#### WHAT IS EXPECTED:
Apart from the images, the entire listing below must be restated word for word.

#### SUPPLIED INFORMATION:
___

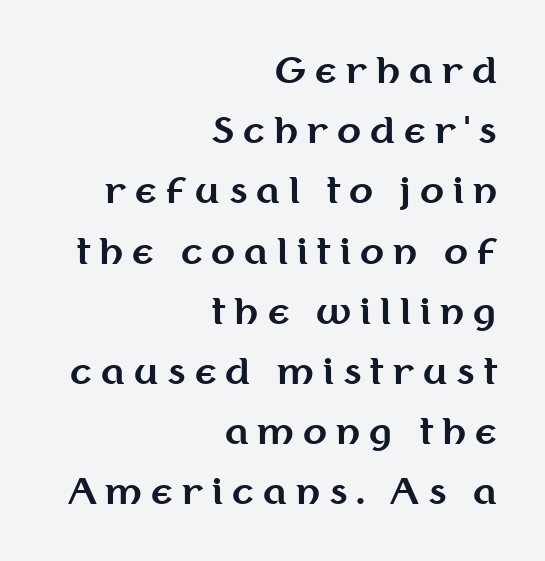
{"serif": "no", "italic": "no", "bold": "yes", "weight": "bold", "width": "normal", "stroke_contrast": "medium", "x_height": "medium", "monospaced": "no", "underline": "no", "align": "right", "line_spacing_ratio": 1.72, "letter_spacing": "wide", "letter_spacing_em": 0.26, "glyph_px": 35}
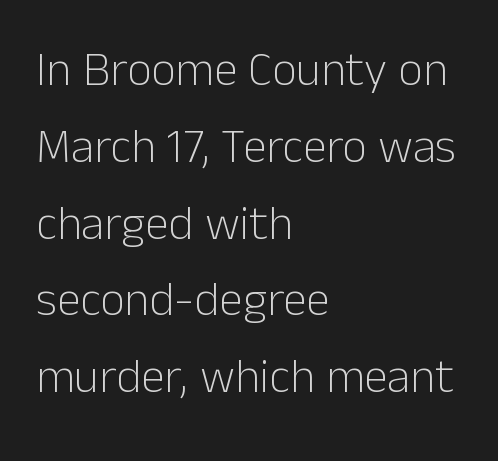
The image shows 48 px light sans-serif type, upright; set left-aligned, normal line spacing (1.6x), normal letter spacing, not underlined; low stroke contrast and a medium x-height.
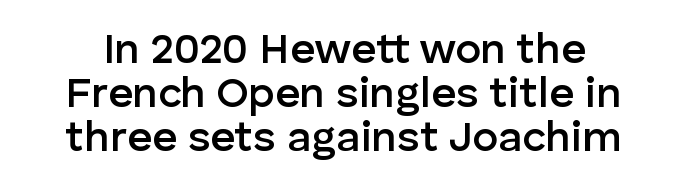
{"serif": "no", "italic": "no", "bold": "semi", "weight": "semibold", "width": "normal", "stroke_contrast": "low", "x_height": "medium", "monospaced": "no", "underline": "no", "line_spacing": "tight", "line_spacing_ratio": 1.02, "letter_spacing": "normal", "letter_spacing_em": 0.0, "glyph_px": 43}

___

#### RESPONSE:
{"serif": "no", "italic": "no", "bold": "yes", "weight": "bold", "width": "normal", "stroke_contrast": "medium", "x_height": "medium", "monospaced": "no", "underline": "no", "align": "right", "line_spacing_ratio": 1.72, "letter_spacing": "wide", "letter_spacing_em": 0.26, "glyph_px": 35}
The image shows 48 px light sans-serif type, upright; set left-aligned, normal line spacing (1.6x), normal letter spacing, not underlined; low stroke contrast and a medium x-height.
{"serif": "no", "italic": "no", "bold": "semi", "weight": "semibold", "width": "normal", "stroke_contrast": "low", "x_height": "medium", "monospaced": "no", "underline": "no", "line_spacing": "tight", "line_spacing_ratio": 1.02, "letter_spacing": "normal", "letter_spacing_em": 0.0, "glyph_px": 43}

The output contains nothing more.